Content-pinned asset filenames

immutableAssetFileNames() is a separate export (not the workers plugin) that returns a rollupOptions.output partial declaring every emitted /assets/* file as content-pinned via an immutable filename marker:

import { defineConfig } from 'vite'
import {
  applicationWorkers,
  immutableAssetFileNames,
} from '@telemetryos/vite-plugin-application-workers'

export default defineConfig({
  plugins: [applicationWorkers({ /* ... */ })],
  build: {
    rollupOptions: {
      output: {
        ...immutableAssetFileNames(),
        manualChunks: { /* your own */ },
      },
    },
  },
})

After the build, entries, chunks, and assets are emitted as <name>.immutable.<hash><ext> under /assets/. Legacy-Content-Proxy-Service matches the literal .immutable. marker and serves matched paths with Cache-Control: public, max-age=31536000, immutable. Filenames without the marker stay on the safe revalidate path, so customer builds that don't opt in are unchanged.

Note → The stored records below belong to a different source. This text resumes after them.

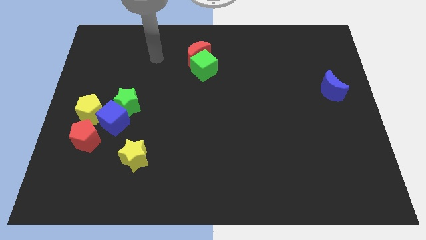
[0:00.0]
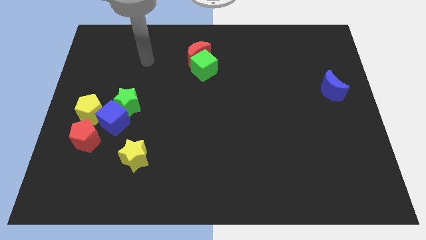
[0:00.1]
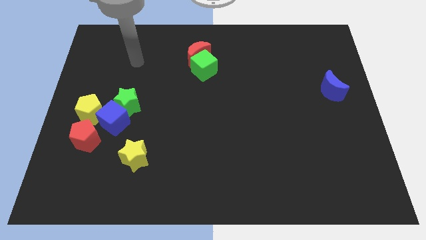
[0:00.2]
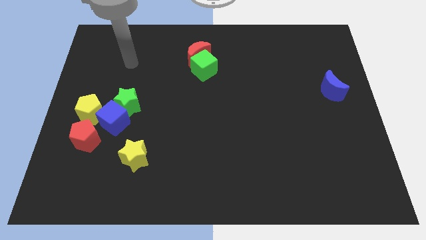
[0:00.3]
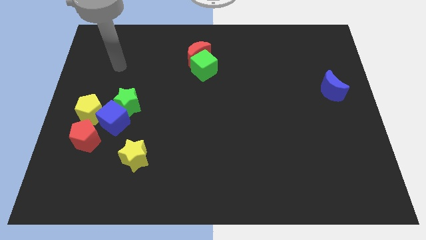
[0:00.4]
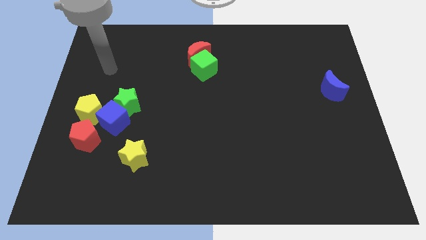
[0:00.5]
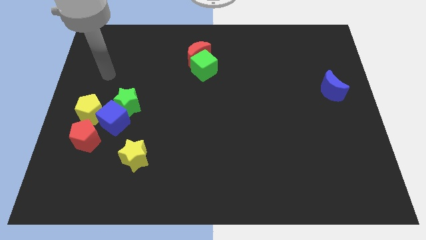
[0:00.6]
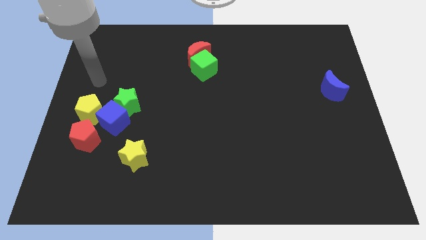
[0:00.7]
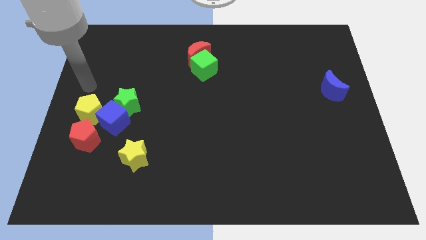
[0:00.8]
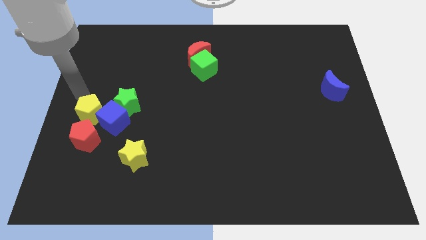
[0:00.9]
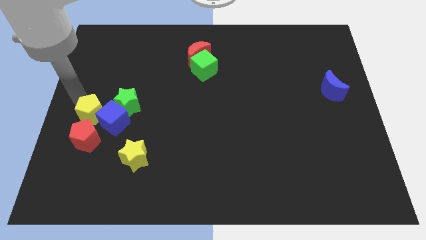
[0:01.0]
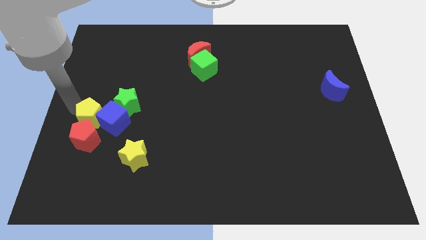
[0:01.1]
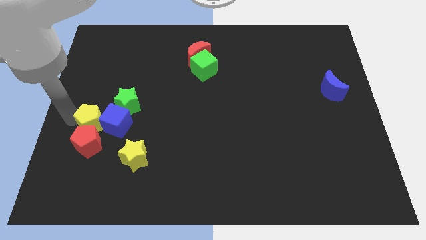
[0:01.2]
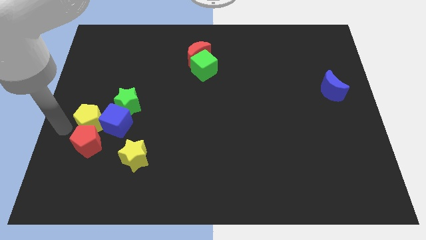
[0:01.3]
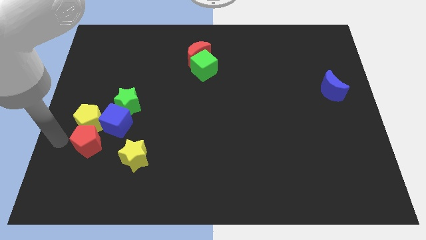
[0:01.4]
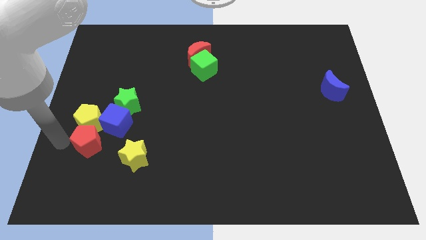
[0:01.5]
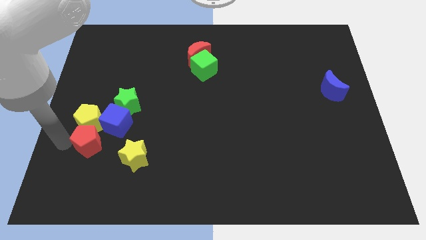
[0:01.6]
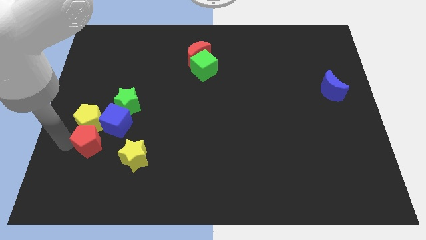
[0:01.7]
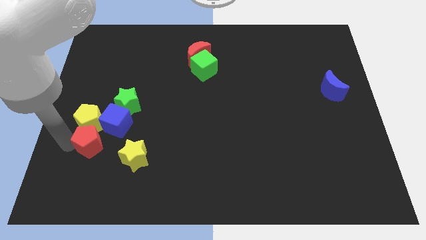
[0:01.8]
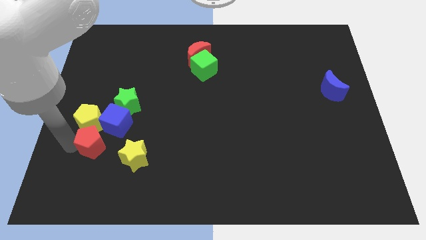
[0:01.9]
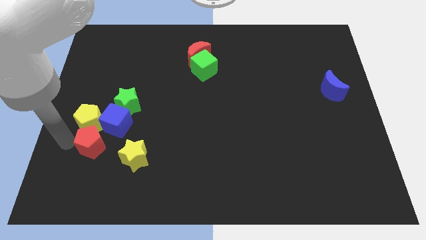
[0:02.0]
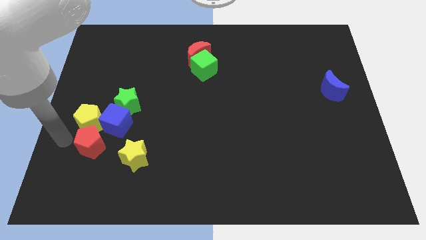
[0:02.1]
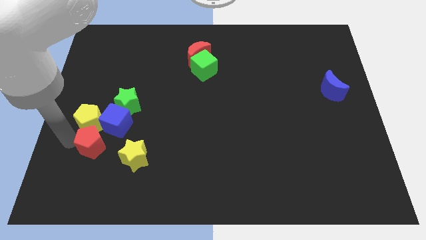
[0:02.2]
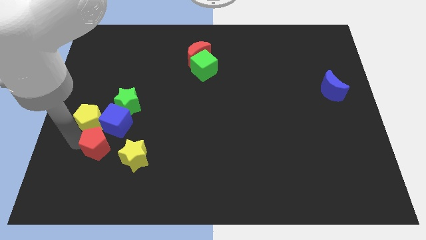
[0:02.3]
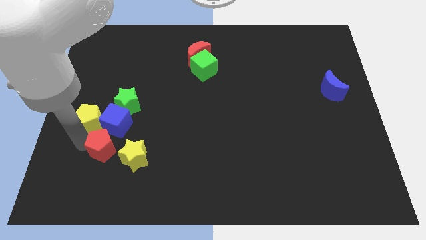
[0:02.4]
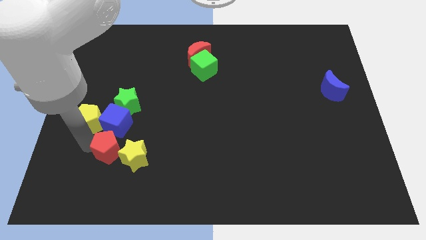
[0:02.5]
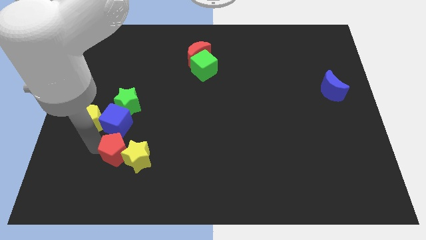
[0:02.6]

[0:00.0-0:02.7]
move the red pentagon next to the yellow star

Why this is safe under "push over" of the same app version. The content-proxy subdomain is derived from sha1(account + name + version), not from content. Re-pushing the same (account, name, version) reuses the subdomain. Vite's [hash] token is content-derived, so when the source actually changes, the emitted filename changes — old cached files become orphaned, not stale. Re-pushing identical source emits an identical hash and reuses the URL.

Caveat. Don't name source files containing the literal substring immutable between dots (e.g. foo.immutable.ts) — that would propagate into [name] and could read as a marker in an unhashed entry. Vite's [hash] token itself uses base64url characters (A-Za-z0-9_-) with no dots, so the marker only appears where this helper places it.